Summary: A portfolio of companies with high promoter pledges returned 4.55 per cent annually over 16 years. The Nifty 500 returned 12.31 per cent. The gap is what ignoring forensic analysis actually costs.
A good investor reads balance sheets. A great investor reads between the lines.
Every checklist has its limits. Earnings look strong, margins are expanding, and the brand is recognised. There are many companies which passed the standard test before failing the only one that ultimately matters: honesty.
The gap between a convincing and an honest financial statement is where Forensic and Governance (F&G) analysis lives. Forensic asks whether the numbers hold together: are reported profits backed by actual cash flow, or dressed up by accounting choices? Governance asks whether the people in charge can be trusted: how do promoters behave, what do related-party transactions reveal, and are disclosures consistent or conveniently vague? Together, they serve one purpose: identifying companies worth avoiding before the market reaches the same conclusion.
Why F&G analysis matters more than most investors think
Think of a detective who rules out the innocent before pursuing the guilty. F&G analysis works the same way: remove the landmines first, then evaluate what remains on its own merits.
Some companies exploit the market’s patience for a good narrative. Revenue gets recognised ahead of collection. Costs get capitalised rather than expensed. One-off gains get folded into recurring income. Working capital gets stretched until profits look healthy and cash quietly vanishes. The tell is almost always there.
Satyam Computers fabricated bank confirmations and inflated cash balances for years. IL&FS Transportation reported capital work-in-progress that never converted into productive assets, while promoter pledges remained stubbornly high.
Manpasand Beverages saw auditor fees rise sharply across consecutive years. Jet Airways carried contingent liabilities that dwarfed its net worth. In each case, red flags preceded the collapse. The data spoke, but most investors were not looking for it.

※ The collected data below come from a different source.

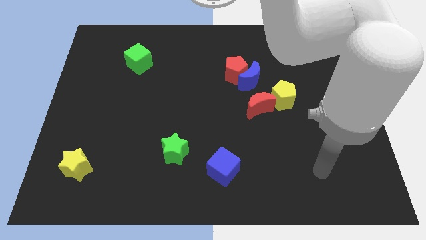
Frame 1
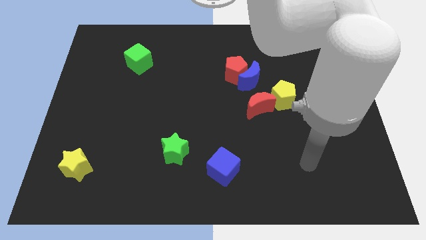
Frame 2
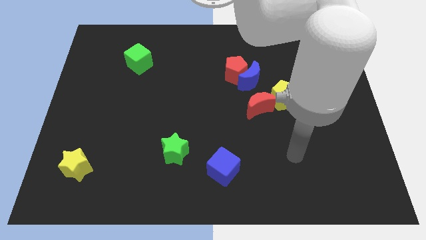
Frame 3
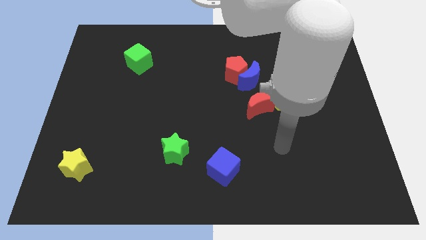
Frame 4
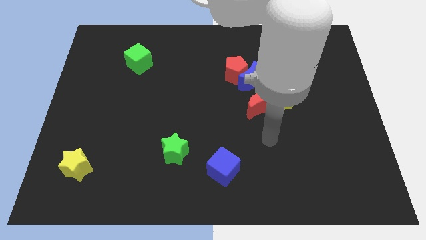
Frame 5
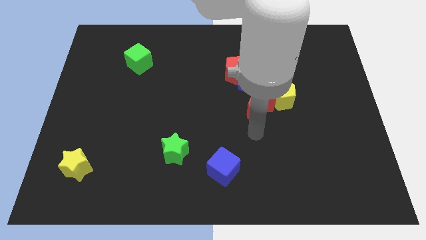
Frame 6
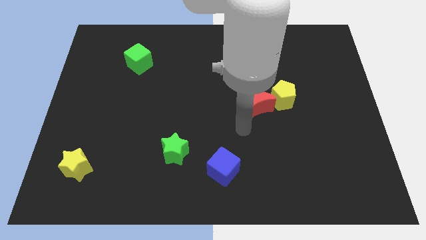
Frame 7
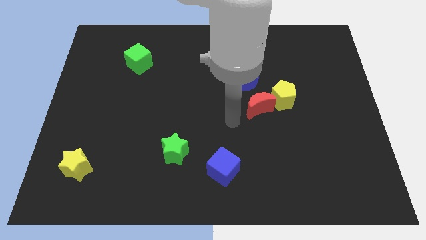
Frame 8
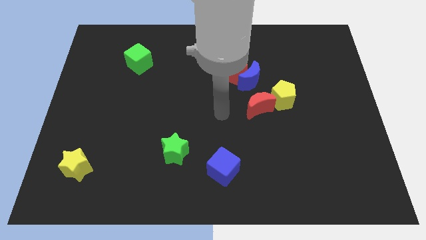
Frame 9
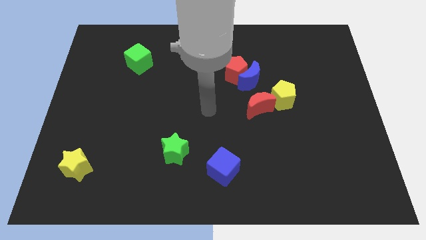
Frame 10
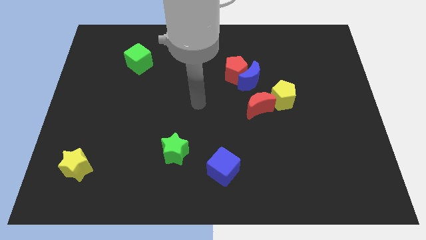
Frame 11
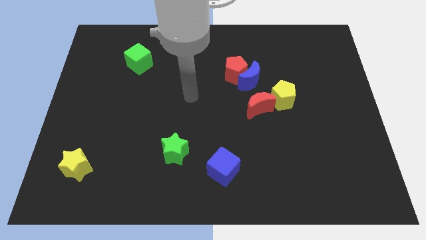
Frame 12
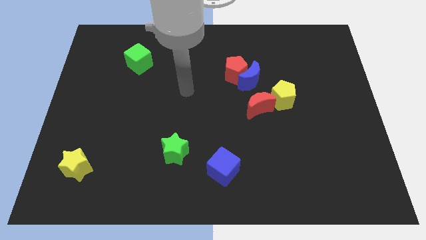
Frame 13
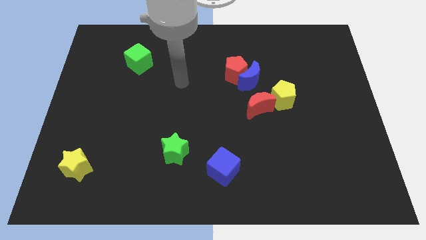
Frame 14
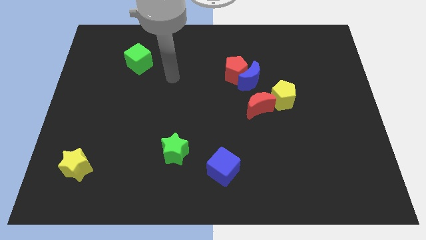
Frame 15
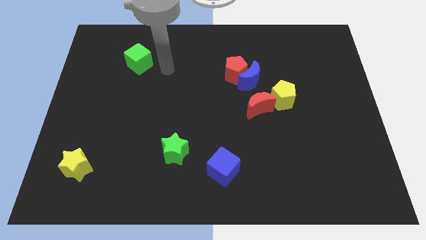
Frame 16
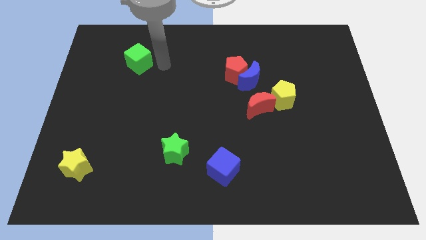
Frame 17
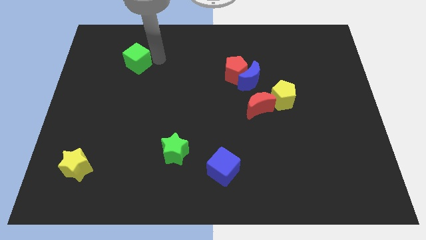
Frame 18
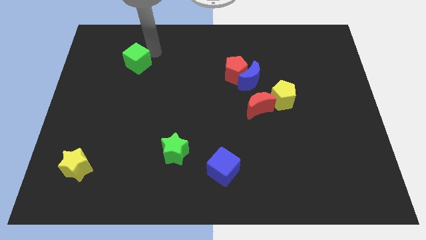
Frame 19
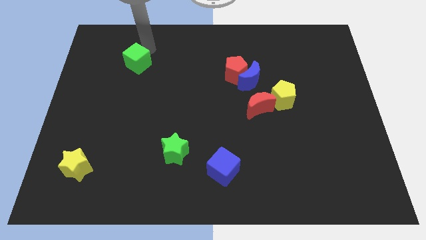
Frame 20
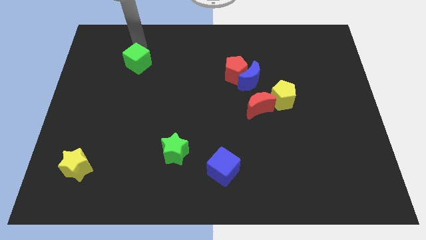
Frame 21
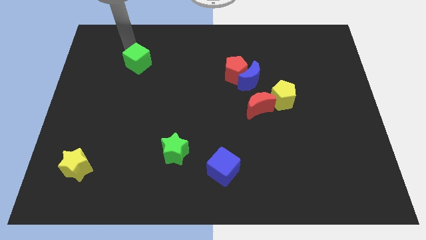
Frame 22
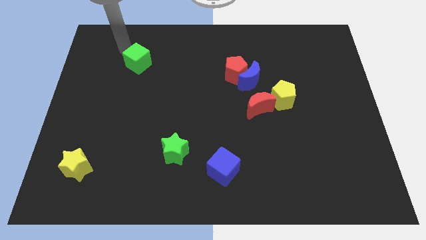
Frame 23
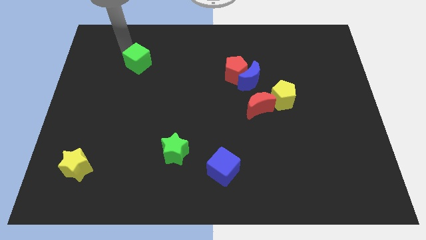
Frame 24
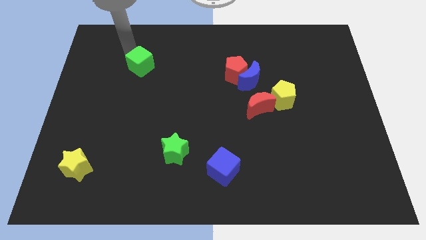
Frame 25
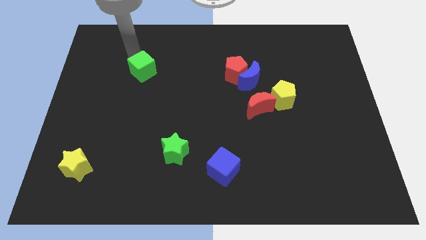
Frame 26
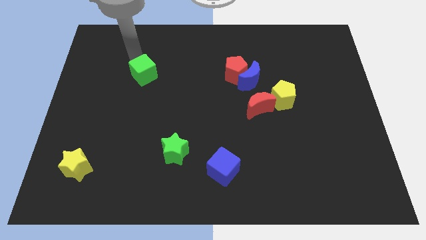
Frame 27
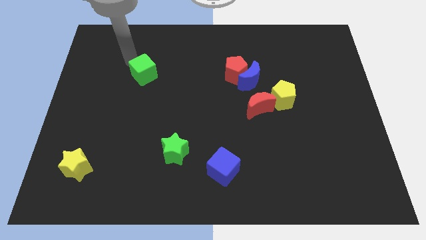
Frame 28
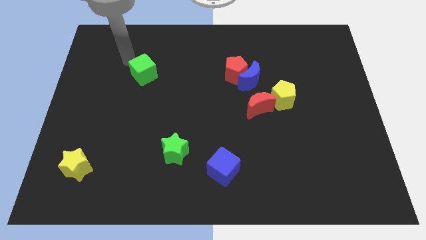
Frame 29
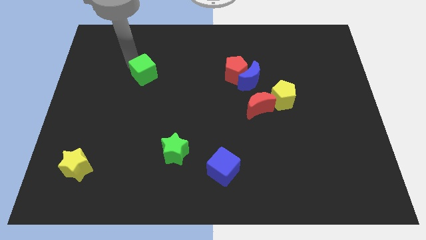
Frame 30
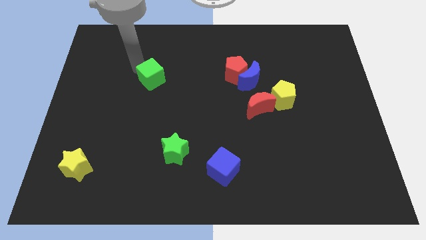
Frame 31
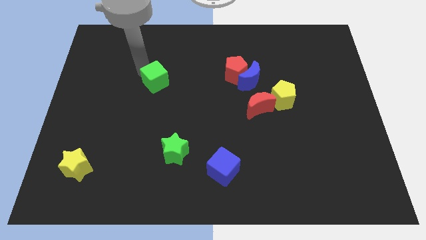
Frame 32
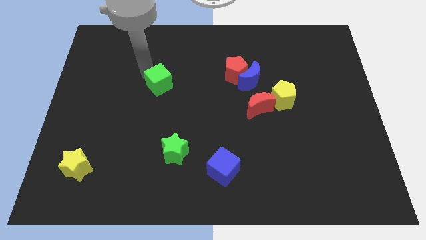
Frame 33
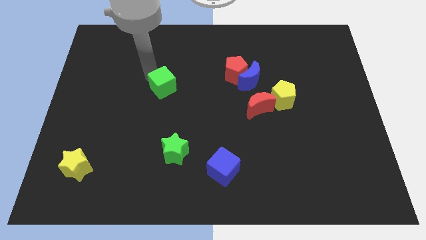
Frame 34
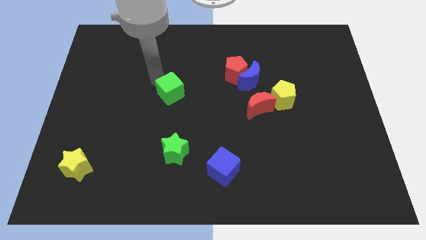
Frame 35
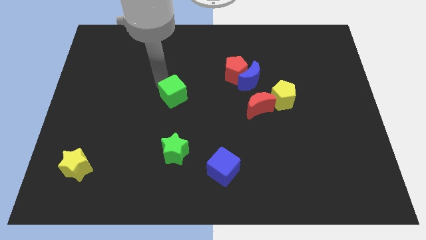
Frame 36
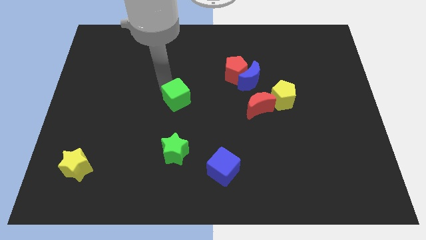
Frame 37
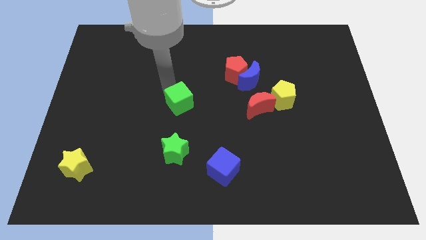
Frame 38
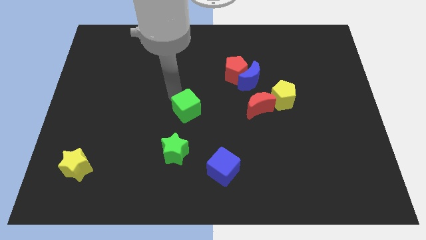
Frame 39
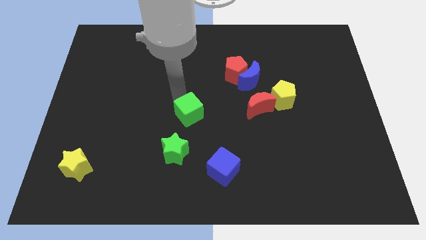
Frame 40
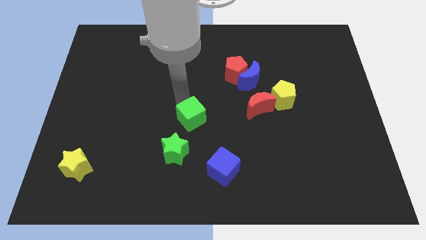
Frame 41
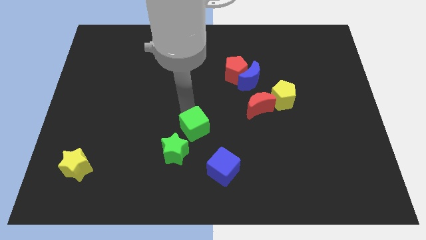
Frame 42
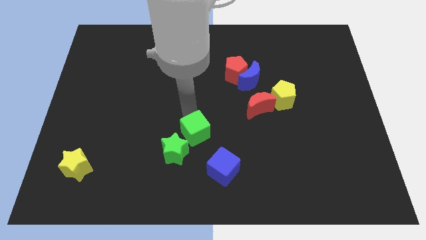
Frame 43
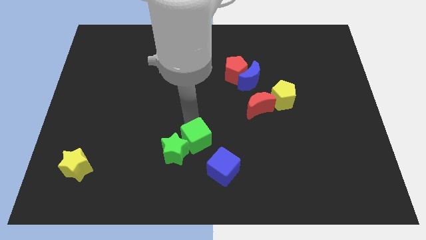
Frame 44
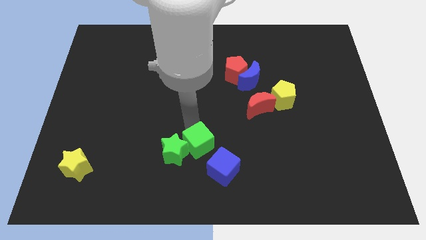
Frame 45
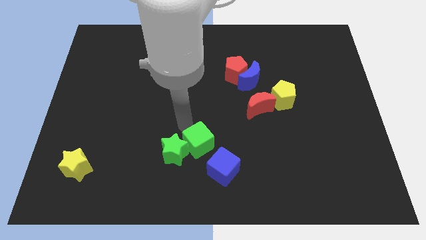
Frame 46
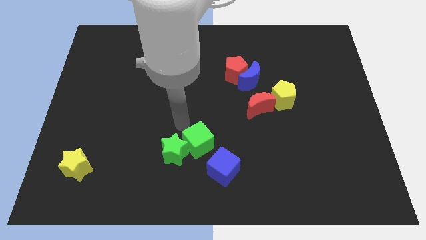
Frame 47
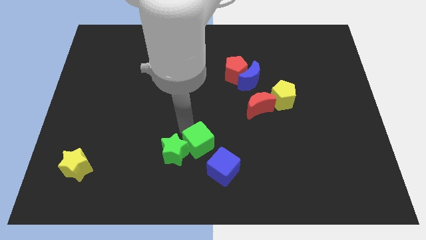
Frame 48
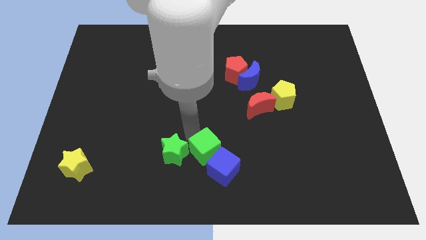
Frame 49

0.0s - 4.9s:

Two concepts explain why F&G analysis cuts through: earnings quality and reporting quality. The first checks whether profits are converting into sustainable cash flows. The second asks whether the auditor is independent enough to be believed. Even businesses with impressive performance can fail both tests. High ROE is not a defence against hidden liabilities or compromised disclosures.
Quantifying the red flags
F&G analysis is often mischaracterised as subjective. Red flags can also be quantified and screened systematically.

Promoter pledge: When a promoter pledges shares as collateral, the stock becomes leverage in someone else’s financial position. A falling price triggers forced selling, which can drive it lower still. A portfolio comprising companies having high promoter pledges delivered an annualised return of just 4.55 per cent between September 2009 and February 2026, against the Nifty 500 TRI’s 12.31 per cent, with a five-year loss probability of 45.56 per cent.
Operating cash flow (OCF) to EBITDA: Profits can be shaped by accounting choices. Cash flows are harder to manufacture. When operating cash flow falls persistently short of reported EBITDA, the income statement is flattering the business. The Low OCF to EBITDA portfolio returned just 2.17 per cent annually, with a 37.95 per cent chance of loss over five years.
Contingent liabilities to net worth: Off-balance-sheet obligations, pending litigation and unresolved claims can accumulate until they overwhelm a company’s financial buffer.
High contingent liability portfolios returned 9.08 per cent annually, with a 24.10 per cent five-year loss probability. The Nifty 500 TRI’s equivalent figure was just 0.14 per cent. The gap is the cost of ignoring red flags.
Elimination over selection
Sometimes, even high-quality companies can fail the F&G test. F&G analysis is not a replacement for quality; it is the necessary second layer. F&G analysis does not promise outperformance. It promises fewer landmines.

Even from a universe of 100 high-quality stocks (NJ Quality+), the bottom 20 companies as per their F&G ranking trail significantly behind the rest of the stocks with a 14.81 per cent loss probability and returns of just 9.70 per cent per annum. As opposed to this, the remaining top 80 companies carry a three-year loss probability of just 0.28 per cent and a five-year median rolling return of 22.43 per cent per annum.
NJ AMC’s quantitative Forensic and Governance model is built on this logic, using quantitative screens to systematically detect red flags across its universe.
While quality gets you into the right neighbourhood, Forensic and Governance make sure you are not buying the house next to a crime scene.